■ What the task asks ■
The answer must consist of every line in the records below that contains the string "height".

■ Data supplied ■
-=-=-

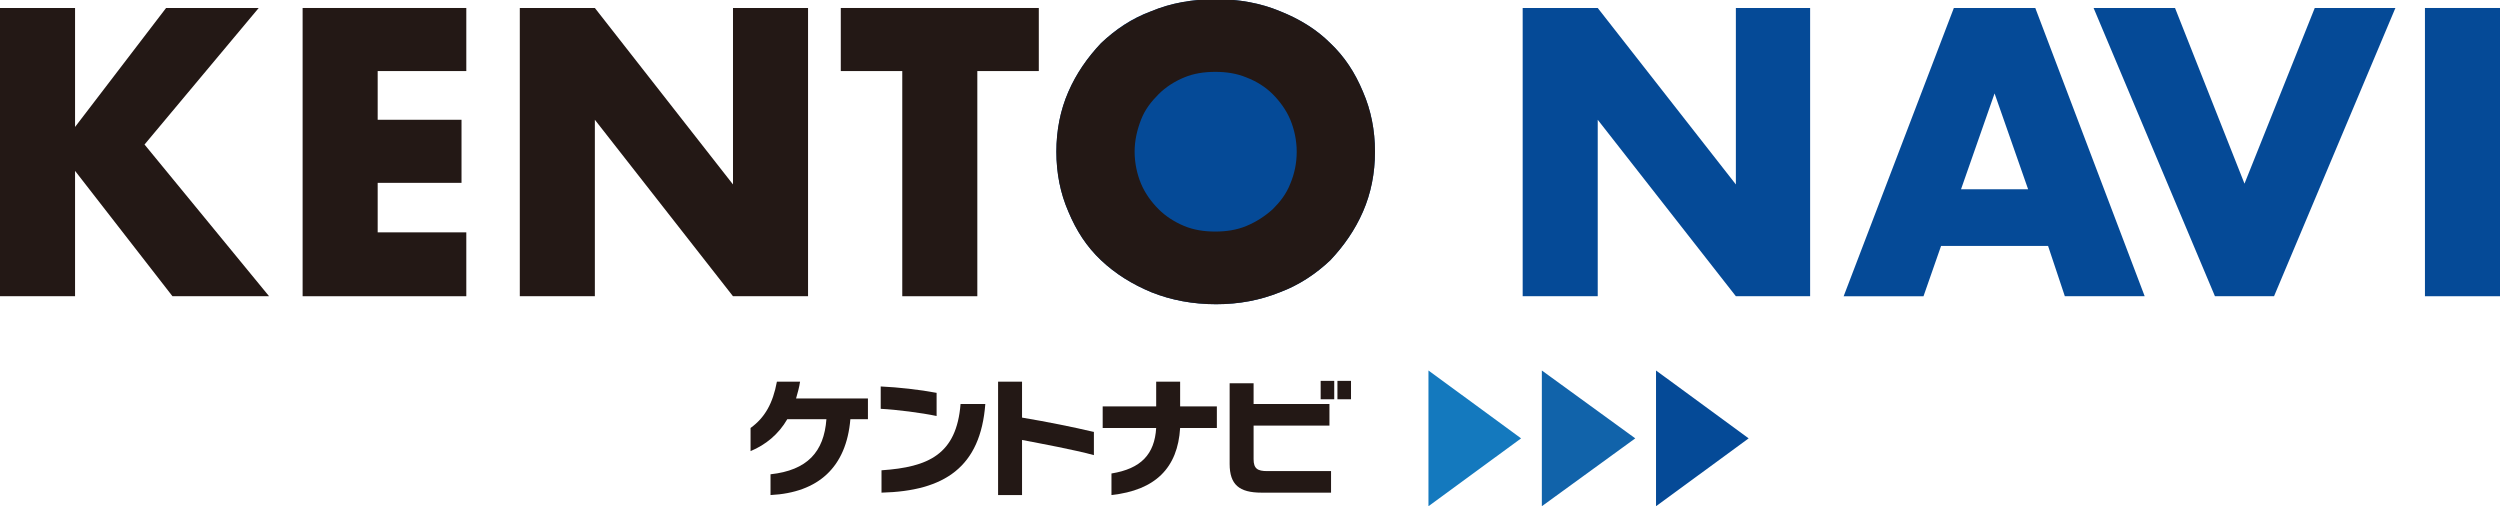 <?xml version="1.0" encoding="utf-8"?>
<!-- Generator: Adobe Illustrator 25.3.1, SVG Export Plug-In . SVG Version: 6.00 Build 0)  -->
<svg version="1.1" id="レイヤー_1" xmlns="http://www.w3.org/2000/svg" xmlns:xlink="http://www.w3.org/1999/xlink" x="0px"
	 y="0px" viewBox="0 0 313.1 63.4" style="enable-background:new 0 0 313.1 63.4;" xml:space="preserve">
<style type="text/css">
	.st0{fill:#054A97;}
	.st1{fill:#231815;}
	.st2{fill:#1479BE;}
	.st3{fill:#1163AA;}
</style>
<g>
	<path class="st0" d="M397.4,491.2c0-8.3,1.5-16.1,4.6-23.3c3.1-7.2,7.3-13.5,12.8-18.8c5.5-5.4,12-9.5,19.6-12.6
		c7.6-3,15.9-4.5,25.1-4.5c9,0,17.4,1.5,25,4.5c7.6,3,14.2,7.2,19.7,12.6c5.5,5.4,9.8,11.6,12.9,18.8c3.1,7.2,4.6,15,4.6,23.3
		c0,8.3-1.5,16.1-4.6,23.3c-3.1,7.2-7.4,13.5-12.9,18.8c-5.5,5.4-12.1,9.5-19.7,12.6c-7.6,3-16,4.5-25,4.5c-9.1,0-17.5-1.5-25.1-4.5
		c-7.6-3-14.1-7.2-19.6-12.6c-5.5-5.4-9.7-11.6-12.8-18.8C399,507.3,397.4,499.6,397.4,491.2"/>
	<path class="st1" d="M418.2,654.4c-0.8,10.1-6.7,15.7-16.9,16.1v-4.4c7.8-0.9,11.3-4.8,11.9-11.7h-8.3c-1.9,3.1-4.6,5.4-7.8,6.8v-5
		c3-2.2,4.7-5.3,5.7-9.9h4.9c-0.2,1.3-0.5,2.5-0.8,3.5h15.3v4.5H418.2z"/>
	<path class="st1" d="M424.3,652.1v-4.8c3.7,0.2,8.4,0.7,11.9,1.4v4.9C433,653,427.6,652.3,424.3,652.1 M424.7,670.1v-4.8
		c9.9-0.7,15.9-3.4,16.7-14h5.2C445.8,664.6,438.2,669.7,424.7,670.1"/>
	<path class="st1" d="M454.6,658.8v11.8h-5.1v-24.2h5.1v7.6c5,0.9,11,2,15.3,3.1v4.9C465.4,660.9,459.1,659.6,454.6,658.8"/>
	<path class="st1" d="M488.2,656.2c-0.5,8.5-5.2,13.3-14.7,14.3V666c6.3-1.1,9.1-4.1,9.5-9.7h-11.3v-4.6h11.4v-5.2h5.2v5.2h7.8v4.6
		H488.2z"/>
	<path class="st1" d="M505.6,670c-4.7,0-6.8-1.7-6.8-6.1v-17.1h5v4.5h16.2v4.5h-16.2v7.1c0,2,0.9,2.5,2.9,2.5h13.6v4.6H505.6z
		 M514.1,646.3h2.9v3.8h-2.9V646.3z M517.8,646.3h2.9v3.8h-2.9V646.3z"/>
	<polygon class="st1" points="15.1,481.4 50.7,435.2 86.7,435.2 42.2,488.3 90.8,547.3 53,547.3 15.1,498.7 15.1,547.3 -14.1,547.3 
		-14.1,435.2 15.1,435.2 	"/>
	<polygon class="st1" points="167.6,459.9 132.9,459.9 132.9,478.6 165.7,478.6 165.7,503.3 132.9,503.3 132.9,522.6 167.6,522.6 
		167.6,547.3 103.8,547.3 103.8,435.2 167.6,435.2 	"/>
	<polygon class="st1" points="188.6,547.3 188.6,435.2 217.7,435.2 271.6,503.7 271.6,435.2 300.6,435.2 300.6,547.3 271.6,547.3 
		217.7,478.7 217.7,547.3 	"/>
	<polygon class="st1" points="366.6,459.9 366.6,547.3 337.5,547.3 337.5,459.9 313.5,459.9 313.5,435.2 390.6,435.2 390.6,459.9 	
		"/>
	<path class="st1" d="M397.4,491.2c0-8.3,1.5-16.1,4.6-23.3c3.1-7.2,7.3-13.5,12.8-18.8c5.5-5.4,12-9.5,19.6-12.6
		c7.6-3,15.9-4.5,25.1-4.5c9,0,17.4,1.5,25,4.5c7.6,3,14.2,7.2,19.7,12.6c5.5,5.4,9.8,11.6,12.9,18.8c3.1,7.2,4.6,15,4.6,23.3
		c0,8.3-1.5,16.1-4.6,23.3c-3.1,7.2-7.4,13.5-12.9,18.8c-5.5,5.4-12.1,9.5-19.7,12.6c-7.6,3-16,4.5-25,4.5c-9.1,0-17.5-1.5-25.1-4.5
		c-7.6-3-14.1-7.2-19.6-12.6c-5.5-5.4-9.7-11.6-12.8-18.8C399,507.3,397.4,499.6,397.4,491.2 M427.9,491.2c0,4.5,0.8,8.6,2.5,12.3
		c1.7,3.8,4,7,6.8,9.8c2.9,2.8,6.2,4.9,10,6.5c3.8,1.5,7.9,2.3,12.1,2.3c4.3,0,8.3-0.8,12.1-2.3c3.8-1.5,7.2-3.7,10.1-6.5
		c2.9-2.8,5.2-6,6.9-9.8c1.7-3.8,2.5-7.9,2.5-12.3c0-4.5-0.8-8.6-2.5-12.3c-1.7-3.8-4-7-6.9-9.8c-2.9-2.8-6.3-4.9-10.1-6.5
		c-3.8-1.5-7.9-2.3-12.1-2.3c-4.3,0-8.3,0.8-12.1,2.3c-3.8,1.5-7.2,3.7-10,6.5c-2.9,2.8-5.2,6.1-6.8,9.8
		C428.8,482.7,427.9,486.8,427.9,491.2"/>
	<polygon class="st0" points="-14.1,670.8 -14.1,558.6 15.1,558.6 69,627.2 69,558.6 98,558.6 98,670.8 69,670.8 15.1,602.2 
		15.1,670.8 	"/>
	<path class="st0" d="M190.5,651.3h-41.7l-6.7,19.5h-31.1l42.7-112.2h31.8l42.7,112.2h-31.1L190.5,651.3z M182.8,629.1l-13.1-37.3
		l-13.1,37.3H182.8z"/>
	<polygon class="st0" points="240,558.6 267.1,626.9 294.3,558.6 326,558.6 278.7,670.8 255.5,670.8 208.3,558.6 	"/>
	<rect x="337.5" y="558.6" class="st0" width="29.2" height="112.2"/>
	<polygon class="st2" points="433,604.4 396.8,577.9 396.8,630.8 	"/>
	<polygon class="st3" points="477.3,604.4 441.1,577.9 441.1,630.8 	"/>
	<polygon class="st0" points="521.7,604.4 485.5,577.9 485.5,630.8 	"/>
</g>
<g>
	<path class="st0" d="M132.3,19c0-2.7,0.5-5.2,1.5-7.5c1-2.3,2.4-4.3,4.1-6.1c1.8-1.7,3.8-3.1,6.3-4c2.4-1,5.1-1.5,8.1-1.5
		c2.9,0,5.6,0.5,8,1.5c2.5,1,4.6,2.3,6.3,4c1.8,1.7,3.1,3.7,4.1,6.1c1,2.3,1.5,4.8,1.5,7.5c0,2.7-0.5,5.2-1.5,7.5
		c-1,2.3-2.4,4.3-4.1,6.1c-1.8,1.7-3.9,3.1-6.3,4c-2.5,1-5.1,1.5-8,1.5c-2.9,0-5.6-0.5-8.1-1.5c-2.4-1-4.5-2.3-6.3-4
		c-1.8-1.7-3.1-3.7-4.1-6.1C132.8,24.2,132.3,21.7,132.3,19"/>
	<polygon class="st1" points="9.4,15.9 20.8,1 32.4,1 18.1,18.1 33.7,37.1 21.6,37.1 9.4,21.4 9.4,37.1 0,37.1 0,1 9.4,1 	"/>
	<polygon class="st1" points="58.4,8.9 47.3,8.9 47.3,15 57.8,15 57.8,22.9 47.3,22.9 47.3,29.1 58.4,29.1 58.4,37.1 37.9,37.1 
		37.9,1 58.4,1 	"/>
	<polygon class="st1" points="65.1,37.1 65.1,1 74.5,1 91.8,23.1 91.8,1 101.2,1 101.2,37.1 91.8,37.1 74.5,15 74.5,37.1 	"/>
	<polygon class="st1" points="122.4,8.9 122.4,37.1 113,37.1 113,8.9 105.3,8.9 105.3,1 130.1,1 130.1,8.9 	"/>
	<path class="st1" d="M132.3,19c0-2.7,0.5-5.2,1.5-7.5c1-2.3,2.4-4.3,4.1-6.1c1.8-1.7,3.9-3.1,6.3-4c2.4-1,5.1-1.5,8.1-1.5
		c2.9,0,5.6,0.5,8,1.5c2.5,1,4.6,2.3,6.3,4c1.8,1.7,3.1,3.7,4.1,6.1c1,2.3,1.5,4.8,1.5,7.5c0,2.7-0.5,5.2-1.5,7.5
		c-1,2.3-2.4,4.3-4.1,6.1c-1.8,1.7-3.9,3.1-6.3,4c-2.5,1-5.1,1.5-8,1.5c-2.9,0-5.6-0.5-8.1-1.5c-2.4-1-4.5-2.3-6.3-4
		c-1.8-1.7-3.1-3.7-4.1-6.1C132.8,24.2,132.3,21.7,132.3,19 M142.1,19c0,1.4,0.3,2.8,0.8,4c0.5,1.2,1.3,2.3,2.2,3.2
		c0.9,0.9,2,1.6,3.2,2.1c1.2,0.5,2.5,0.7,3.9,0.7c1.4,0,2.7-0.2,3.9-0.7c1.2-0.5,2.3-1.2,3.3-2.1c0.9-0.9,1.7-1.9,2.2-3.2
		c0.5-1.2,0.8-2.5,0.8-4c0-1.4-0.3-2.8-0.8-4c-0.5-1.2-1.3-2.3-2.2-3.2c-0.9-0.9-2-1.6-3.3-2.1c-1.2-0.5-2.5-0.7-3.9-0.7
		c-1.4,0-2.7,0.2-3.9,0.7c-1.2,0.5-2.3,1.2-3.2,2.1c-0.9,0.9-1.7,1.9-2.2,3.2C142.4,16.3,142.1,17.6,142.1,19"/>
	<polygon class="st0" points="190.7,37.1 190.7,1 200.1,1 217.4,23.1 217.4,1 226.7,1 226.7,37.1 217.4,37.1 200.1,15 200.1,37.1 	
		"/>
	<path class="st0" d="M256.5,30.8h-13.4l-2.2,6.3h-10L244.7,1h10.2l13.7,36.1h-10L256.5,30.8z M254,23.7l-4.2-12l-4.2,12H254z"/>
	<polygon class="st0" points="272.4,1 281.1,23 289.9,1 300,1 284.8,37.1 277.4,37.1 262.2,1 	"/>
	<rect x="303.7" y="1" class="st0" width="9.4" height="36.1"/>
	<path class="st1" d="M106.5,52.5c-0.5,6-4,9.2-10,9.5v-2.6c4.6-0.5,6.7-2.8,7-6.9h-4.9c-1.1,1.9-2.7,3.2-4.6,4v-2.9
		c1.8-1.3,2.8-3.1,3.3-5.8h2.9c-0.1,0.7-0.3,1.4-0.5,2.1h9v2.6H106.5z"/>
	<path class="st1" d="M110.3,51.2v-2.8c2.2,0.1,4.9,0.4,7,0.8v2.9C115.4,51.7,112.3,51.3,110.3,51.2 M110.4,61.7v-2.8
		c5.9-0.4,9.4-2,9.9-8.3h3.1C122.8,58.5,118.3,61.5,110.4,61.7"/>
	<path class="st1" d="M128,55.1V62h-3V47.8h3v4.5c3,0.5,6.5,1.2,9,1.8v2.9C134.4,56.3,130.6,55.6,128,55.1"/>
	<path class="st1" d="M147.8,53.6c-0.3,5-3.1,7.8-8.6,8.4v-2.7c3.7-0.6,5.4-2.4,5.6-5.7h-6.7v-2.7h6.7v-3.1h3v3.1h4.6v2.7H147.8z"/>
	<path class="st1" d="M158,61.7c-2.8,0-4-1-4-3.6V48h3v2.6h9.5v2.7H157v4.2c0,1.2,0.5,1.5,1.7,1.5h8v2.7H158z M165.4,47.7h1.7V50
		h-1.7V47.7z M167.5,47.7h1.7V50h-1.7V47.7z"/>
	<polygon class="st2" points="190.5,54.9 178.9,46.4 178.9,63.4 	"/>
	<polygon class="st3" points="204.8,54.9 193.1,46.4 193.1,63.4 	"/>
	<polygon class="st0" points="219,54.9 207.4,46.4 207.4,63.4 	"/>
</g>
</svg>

-=-=-

■ Result for this exercise ■
	<rect x="337.5" y="558.6" class="st0" width="29.2" height="112.2"/>
	<rect x="303.7" y="1" class="st0" width="9.4" height="36.1"/>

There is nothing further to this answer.